First, I want to congratulate one of my loyal blog readers, Mary DeMuth, who has recently launched a mentoring service for writers at Mary has published several novels and has also published several nonfiction books, all with good publishers.

As my loyal blog readers know, many published authors (including me) use freelance editors (like Mary) to help us buff up our novels before sending them to our agents and/or editors. For one thing, it’s a competitive world. For another, you can never view your own work objectively.

In my own case, I don’t need a lot of mentoring; I mainly need a hard-headed person to tell me when the story isn’t working and why. Once I know that, I can figure out how to fix it. A mentor will not only tell you what’s wrong, she’ll give you some guidance on how to fix it.
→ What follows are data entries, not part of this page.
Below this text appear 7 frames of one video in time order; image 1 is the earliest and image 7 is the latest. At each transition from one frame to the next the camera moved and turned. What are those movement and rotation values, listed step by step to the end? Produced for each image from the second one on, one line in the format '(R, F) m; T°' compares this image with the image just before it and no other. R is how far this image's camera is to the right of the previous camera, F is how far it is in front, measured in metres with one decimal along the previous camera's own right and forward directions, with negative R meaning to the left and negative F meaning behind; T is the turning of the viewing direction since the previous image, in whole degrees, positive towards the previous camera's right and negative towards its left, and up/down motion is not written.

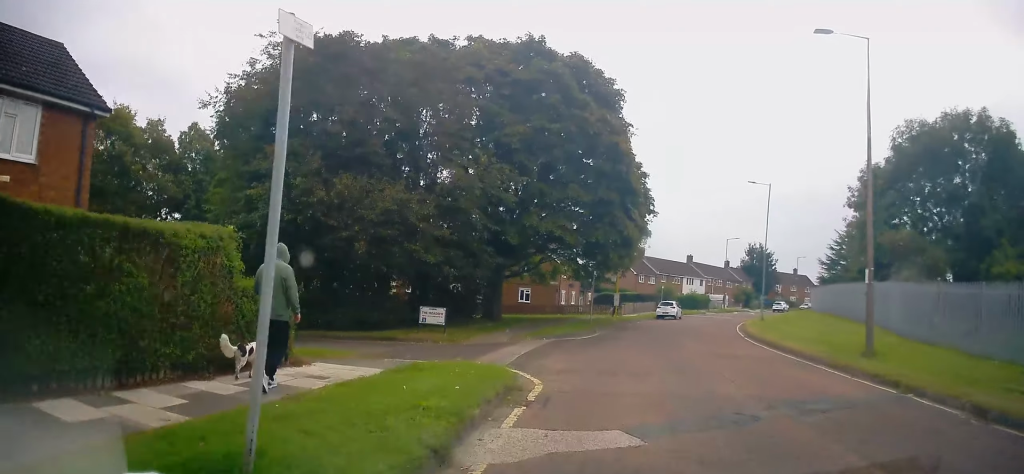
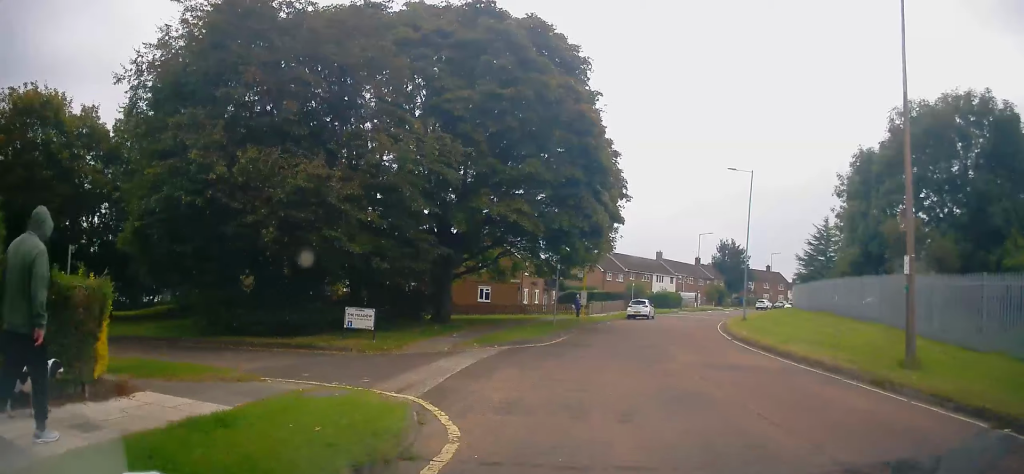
(+0.3, +4.1) m; +4°
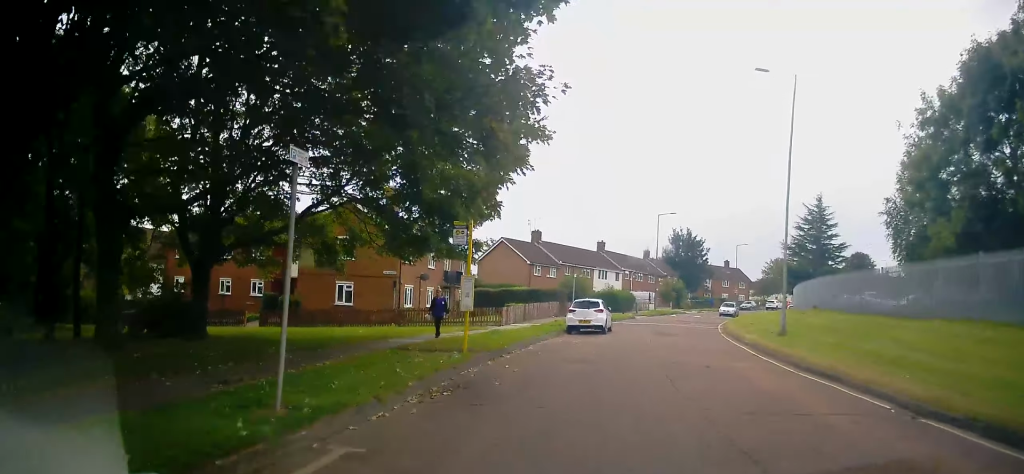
(+1.3, +19.2) m; +6°
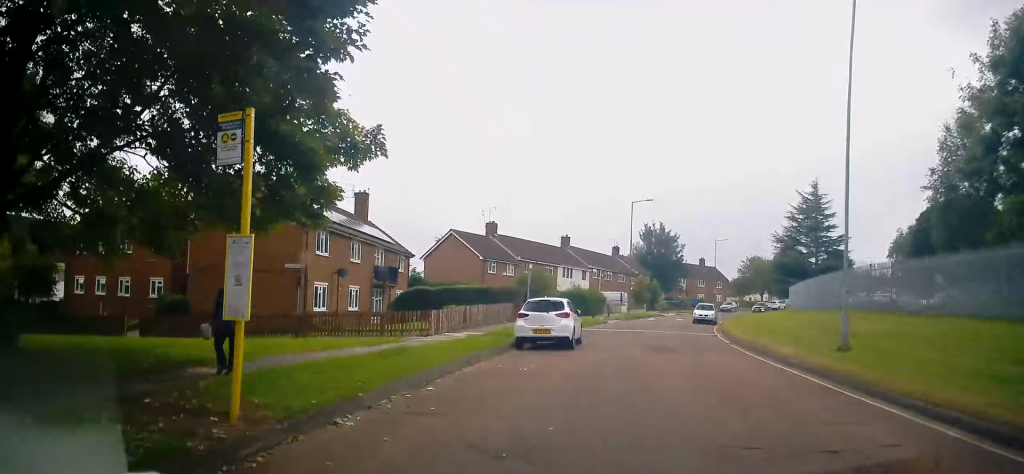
(+0.3, +8.1) m; +4°
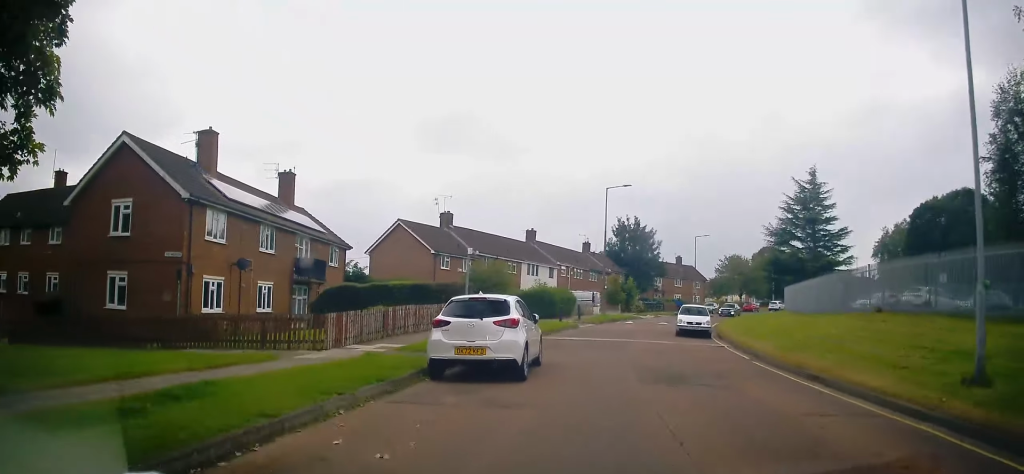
(+0.2, +6.8) m; +3°
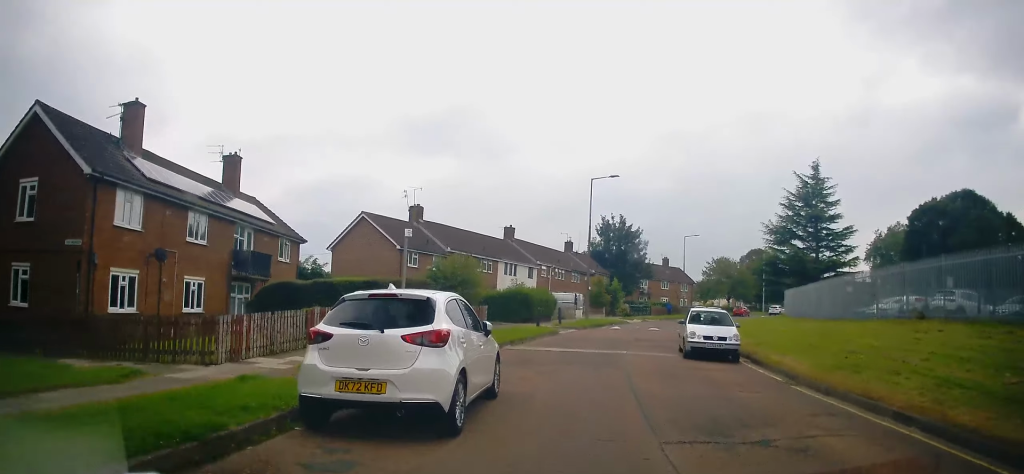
(0.0, +4.1) m; +1°
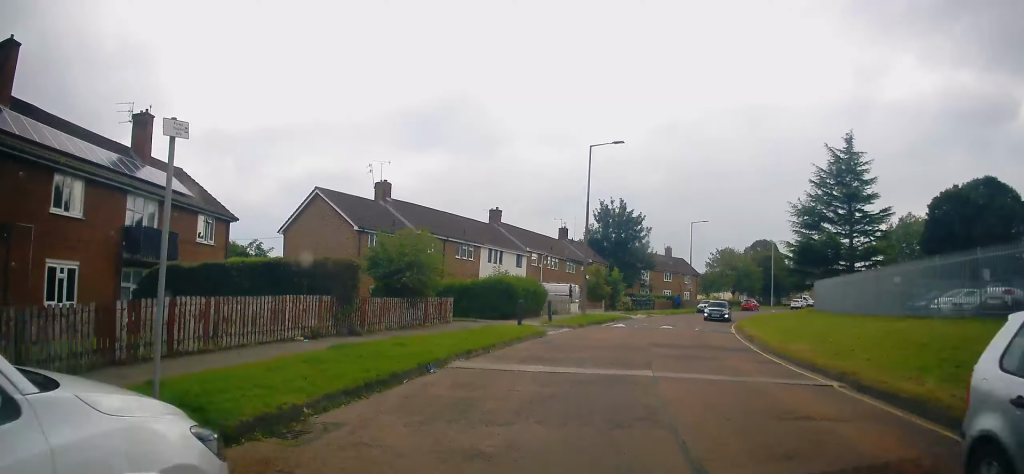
(+0.2, +6.8) m; +1°

OK, on to those pesky Motivations and Reactions. If you’re just joining us, you may want to read through the previous 6 lessons that I’ve posted over the past couple of weeks.
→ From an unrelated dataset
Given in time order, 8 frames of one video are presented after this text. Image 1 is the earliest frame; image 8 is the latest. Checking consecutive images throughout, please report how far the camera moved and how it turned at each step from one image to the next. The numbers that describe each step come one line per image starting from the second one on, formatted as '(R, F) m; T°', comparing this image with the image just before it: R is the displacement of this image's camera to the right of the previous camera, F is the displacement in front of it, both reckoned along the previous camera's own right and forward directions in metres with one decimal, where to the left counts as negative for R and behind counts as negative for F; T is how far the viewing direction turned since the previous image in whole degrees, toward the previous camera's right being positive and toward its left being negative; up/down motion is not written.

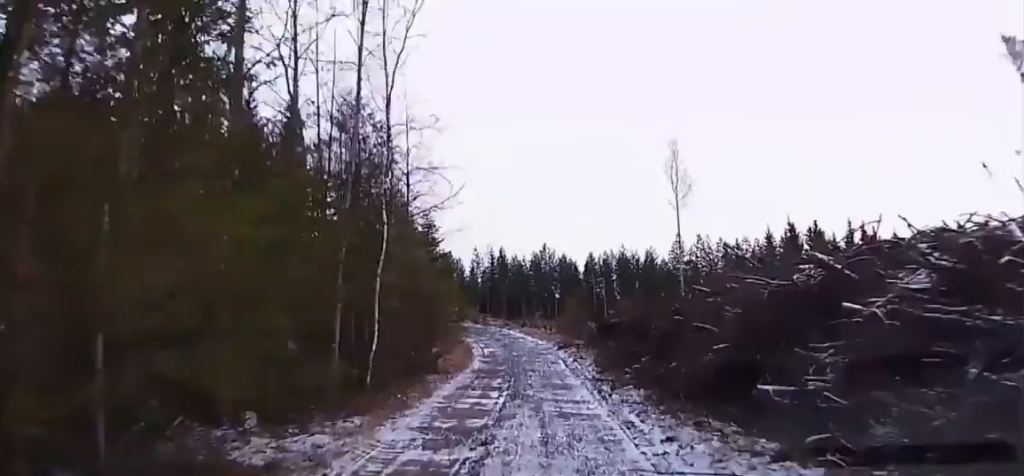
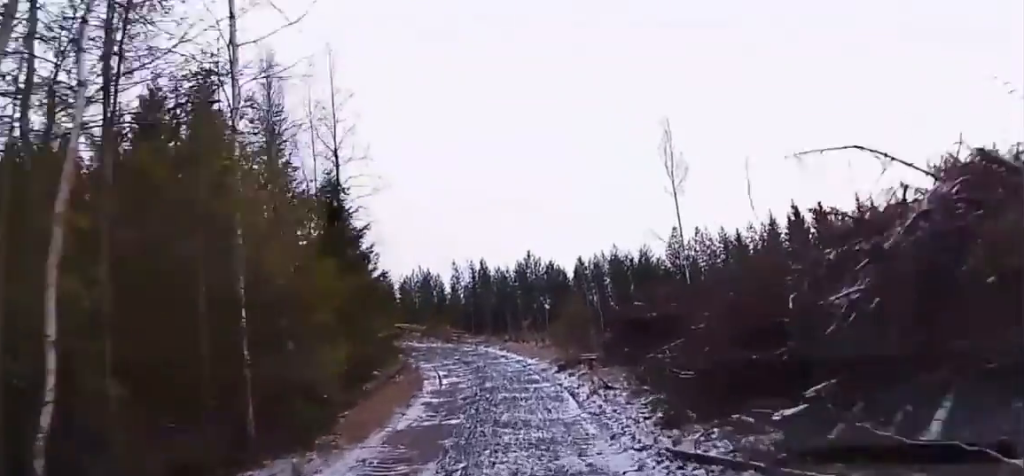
(-0.1, +11.2) m; 0°
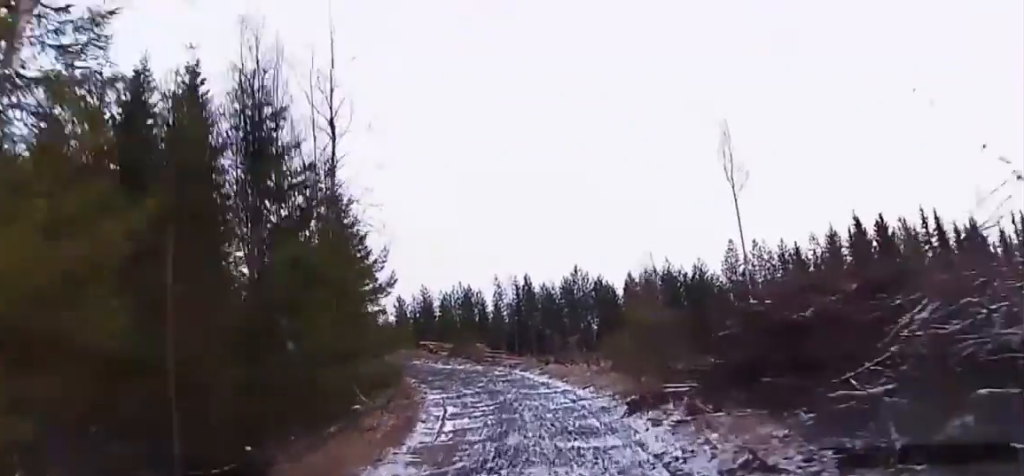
(-0.1, +6.8) m; -2°
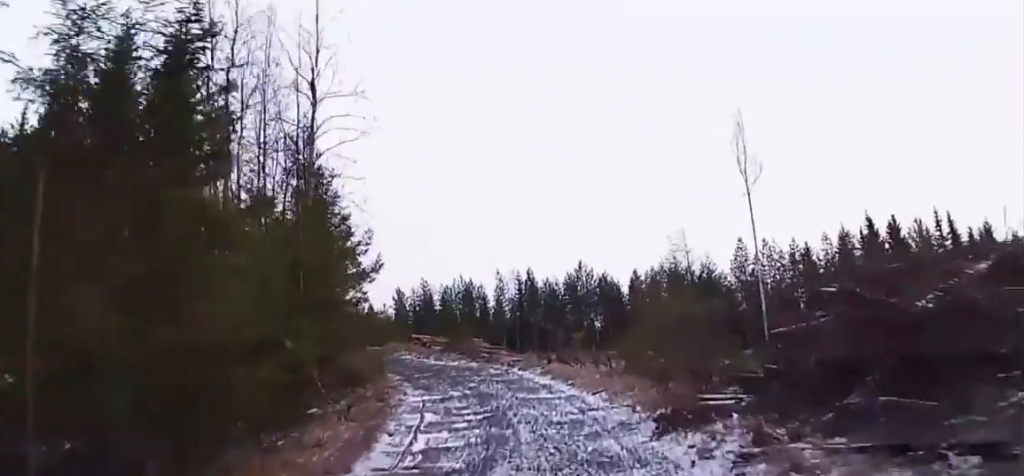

In our last lesson, we worked through a snippet of a scene from PATRIOT GAMES by Tom Clancy. The scene had some very minor structural issues, but it worked very well. Today, we’ll look at a perfectly structured snippet from THE DA VINCI CODE by Dan Brown.

Slide 32: Dan Brown: The DaVinci Code, p. 184

Vernet gave a helpless sigh. “I’m afraid every key is electronically paired with a ten-digit account number that functions as a password. Without that number, your key is worthless.”

Ten digits. Sophie reluctantly calculated the cryptographic odds. Over ten billion possible choices. Even if she could bring in DCPJ’s most powerful parallel processing computers, she still would need weeks to break the code. “Certainly, monsieur, considering the circumstances, you can help us.”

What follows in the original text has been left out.